Banking GPT provide a competitive advantage to banks
Lower cost of operations: Generative AI can automate routine tasks and processes such as KYC, customer service, freeing up RMs and staff to focus on higher value tasks and relationship building
Customer insights: GPT can analyze customer interactions, identify patterns and help the bank make informed decisions about their products and services, proactively address common dissatisfaction points and better meet customer needs
Higher customer satisfaction: With Generative AI, banks can anticipate customer needs, retain context and provide resolution faster – doing away with the standard ‘We’ll get back to you in 3 working days’ response
Better response accuracy: The responses need to be rooted in facts and be based on the bank’s literature and actual policies and, hence, rules break as underlying source information changes. LLMs, however, can stay up to speed with revised policies, interest rates, terms and conditions and ensure customers receive the right information.

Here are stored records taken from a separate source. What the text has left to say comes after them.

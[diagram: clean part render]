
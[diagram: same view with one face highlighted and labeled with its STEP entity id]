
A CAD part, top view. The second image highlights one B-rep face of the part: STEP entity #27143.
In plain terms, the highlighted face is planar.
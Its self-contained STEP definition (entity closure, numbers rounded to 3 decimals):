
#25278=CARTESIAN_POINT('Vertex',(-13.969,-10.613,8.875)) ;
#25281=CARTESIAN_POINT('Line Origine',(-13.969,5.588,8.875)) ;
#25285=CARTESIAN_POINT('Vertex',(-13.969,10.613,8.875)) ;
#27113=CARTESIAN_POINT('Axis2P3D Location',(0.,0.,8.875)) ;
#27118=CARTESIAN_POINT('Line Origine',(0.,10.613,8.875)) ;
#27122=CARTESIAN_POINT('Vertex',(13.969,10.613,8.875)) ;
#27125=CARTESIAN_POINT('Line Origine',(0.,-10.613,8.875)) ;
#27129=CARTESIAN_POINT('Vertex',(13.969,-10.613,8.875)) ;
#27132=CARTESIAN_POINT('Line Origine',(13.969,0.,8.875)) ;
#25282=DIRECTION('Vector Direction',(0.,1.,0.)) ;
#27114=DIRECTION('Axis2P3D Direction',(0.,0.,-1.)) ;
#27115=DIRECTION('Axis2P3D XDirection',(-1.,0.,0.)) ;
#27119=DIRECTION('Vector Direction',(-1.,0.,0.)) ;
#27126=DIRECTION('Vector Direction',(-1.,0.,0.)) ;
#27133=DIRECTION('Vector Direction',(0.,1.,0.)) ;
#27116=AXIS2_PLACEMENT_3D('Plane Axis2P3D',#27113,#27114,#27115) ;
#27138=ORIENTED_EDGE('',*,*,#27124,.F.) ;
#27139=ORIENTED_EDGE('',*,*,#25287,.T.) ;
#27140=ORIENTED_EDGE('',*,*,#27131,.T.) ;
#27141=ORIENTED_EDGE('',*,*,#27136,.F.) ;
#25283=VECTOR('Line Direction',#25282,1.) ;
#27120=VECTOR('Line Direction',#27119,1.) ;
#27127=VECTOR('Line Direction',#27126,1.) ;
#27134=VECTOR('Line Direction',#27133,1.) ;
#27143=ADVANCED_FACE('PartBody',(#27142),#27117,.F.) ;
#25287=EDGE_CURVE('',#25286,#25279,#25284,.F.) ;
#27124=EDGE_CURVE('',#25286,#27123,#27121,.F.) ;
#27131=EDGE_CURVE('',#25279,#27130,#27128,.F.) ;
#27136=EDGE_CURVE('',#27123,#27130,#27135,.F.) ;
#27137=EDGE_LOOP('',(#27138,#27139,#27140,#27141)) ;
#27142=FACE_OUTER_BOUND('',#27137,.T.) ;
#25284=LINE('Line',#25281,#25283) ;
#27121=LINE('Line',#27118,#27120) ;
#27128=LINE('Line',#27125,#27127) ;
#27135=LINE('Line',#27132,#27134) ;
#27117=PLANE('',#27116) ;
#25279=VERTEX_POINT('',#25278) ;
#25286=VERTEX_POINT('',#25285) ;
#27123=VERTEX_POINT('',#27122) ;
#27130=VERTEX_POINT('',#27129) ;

Now let’s look at an example, one of India’s premier financial institutions operating across consumer and corporate finance has improved customer access to information via a Generative AI powered chatbot that can answer customer queries in Hindi, English and interestingly, Hinglish. This chatbot built on ACE Banking GPT provides customers with high quality content, personalized responses and on-demand support. Prior to this, the institution had launched a voice based solution to help customers understand their loan eligibility, application process and more.
No wonder LLMs are all the rage and are finding newer applications – banks can provide a personalized service to their customers, improve response times and optimize their cost to serve. We can only expect more use cases to emerge as the technology evolves. It’s time to ACE Banking with Gupshup and the power of LLMs.